→ **ACTIVITY**: Go through the data and retrieve each line that includes the string "centered".

——

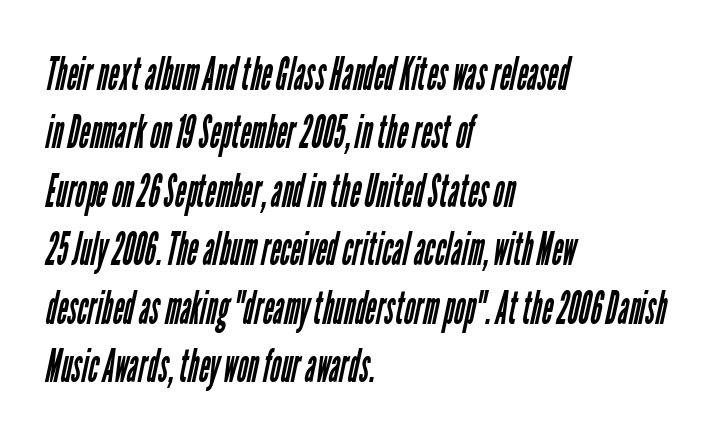
{"serif": "no", "bold": "no", "weight": "regular", "width": "condensed", "stroke_contrast": "low", "x_height": "medium", "monospaced": "no", "underline": "no", "align": "left", "line_spacing": "normal", "line_spacing_ratio": 1.27, "letter_spacing": "normal", "letter_spacing_em": 0.0, "glyph_px": 46}
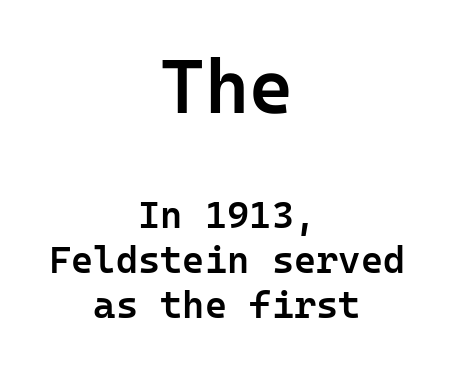
{"serif": "no", "italic": "no", "bold": "semi", "weight": "semibold", "width": "normal", "stroke_contrast": "low", "x_height": "medium", "underline": "no", "align": "center", "line_spacing_ratio": 1.18, "letter_spacing": "normal", "letter_spacing_em": 0.0, "larger_block": "first", "size_ratio": 2.0, "glyph_px": 76}
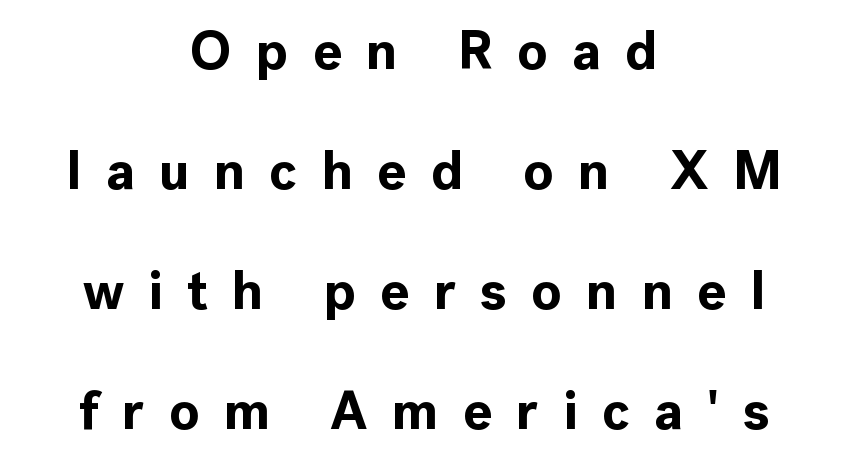
The image shows 54 px bold sans-serif type, upright; set centered, loose line spacing (2.22x), unusually wide letter spacing (+0.45 em), not underlined; a medium x-height.
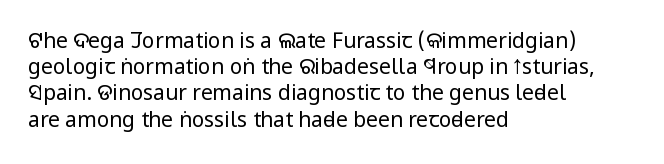
Q: Is the text bold? A: No.
Q: Is the text italic (slanted)? A: No, it is upright.
Q: Is the text underlined? A: No.
Q: How is the paragraph aligned? A: Left-aligned.
Q: Is the spacing between letters normal or unusually wide? A: Normal.
Q: Is the spacing between lines tight, normal or loose? A: Normal.
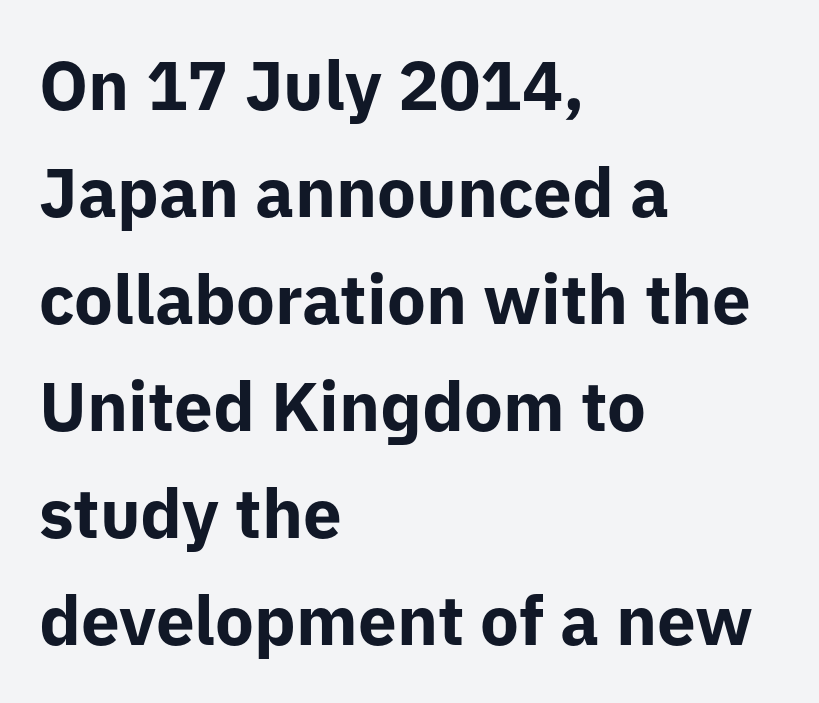
{"serif": "no", "italic": "no", "bold": "yes", "weight": "bold", "width": "normal", "stroke_contrast": "low", "x_height": "medium", "monospaced": "no", "underline": "no", "align": "left", "line_spacing": "normal", "line_spacing_ratio": 1.55, "letter_spacing": "normal", "letter_spacing_em": 0.0, "glyph_px": 69}
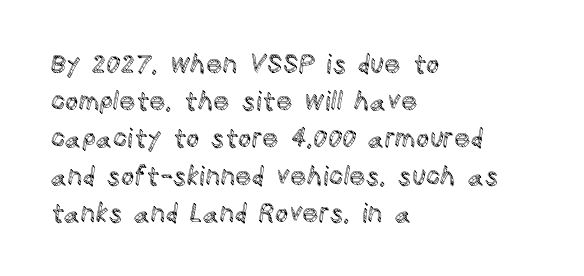
{"underline": "no", "align": "left", "line_spacing": "normal", "line_spacing_ratio": 1.43, "letter_spacing": "normal", "letter_spacing_em": 0.0, "glyph_px": 26}
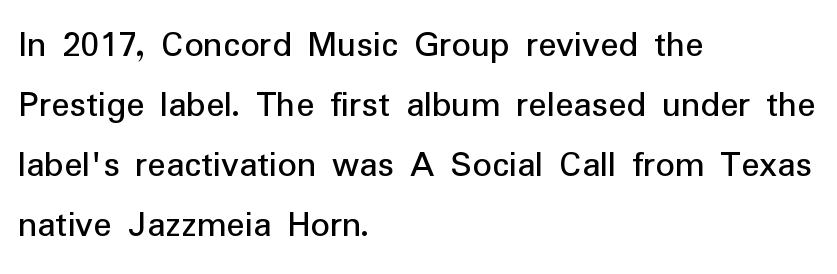
The image shows 38 px regular-weight sans-serif type, upright; set left-aligned, normal line spacing (1.58x), normal letter spacing, not underlined; low stroke contrast and a medium x-height.
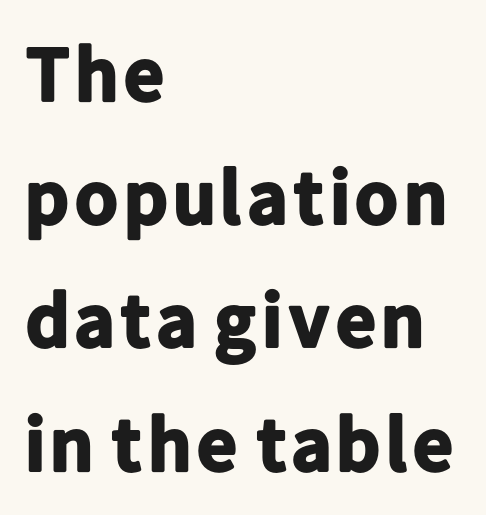
{"serif": "no", "italic": "no", "bold": "yes", "weight": "bold", "width": "normal", "stroke_contrast": "low", "x_height": "medium", "monospaced": "no", "underline": "no", "align": "left", "line_spacing": "normal", "line_spacing_ratio": 1.58, "letter_spacing": "normal", "letter_spacing_em": 0.0, "glyph_px": 78}
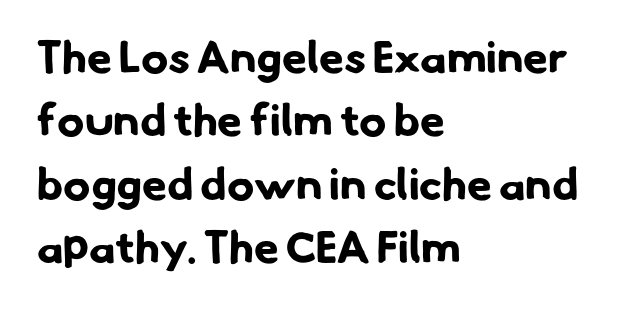
Q: Is the text bold? A: Yes.
Q: Is the typeface a serif or a sans-serif typeface? A: Sans-serif.
Q: Is the text underlined? A: No.
Q: How is the paragraph aligned? A: Left-aligned.
Q: Is the spacing between letters normal or unusually wide? A: Normal.
Q: Is the spacing between lines tight, normal or loose? A: Normal.
Q: Width (condensed, normal, or wide)? A: Normal.
Q: Stroke contrast? A: Low.
Q: x-height? A: Small.
Q: Monospaced? A: No.
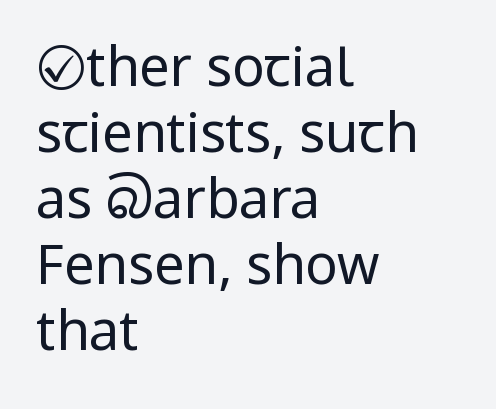
Q: Is the text bold? A: No.
Q: Is the text italic (slanted)? A: No, it is upright.
Q: Is the typeface a serif or a sans-serif typeface? A: Sans-serif.
Q: Is the text underlined? A: No.
Q: How is the paragraph aligned? A: Left-aligned.
Q: Is the spacing between letters normal or unusually wide? A: Normal.
Q: Width (condensed, normal, or wide)? A: Condensed.
Q: Stroke contrast? A: Low.
Q: x-height? A: Large.
Q: Monospaced? A: No.
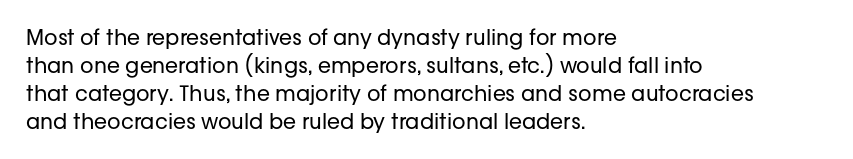
Q: Is the text bold? A: No.
Q: Is the text italic (slanted)? A: No, it is upright.
Q: Is the text underlined? A: No.
Q: How is the paragraph aligned? A: Left-aligned.
Q: Is the spacing between letters normal or unusually wide? A: Normal.
Q: Is the spacing between lines tight, normal or loose? A: Normal.
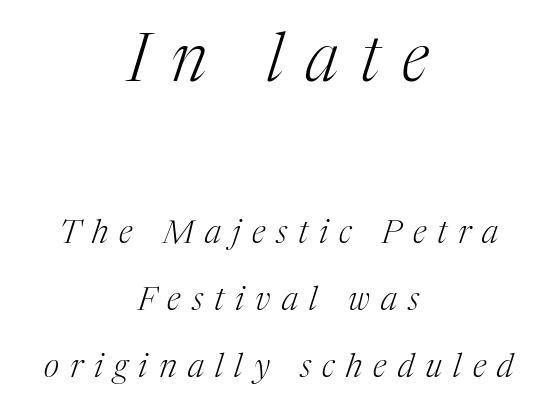
Are there feet on the stems? There are — it's a serif. These two chunks differ in scale, with the top chunk taking the larger measure. These lines were composed using italics. Is the block centered? Yes — each line is placed symmetrically about the middle. This sample trades compactness for vertical openness between lines. Letter spacing: wide.

——

→ **SOLUTION TO THIS PROBLEM**:
The image shows 54 px bold sans-serif type, upright; set centered, loose line spacing (2.22x), unusually wide letter spacing (+0.45 em), not underlined; a medium x-height.
Are there feet on the stems? There are — it's a serif. These two chunks differ in scale, with the top chunk taking the larger measure. These lines were composed using italics. Is the block centered? Yes — each line is placed symmetrically about the middle. This sample trades compactness for vertical openness between lines. Letter spacing: wide.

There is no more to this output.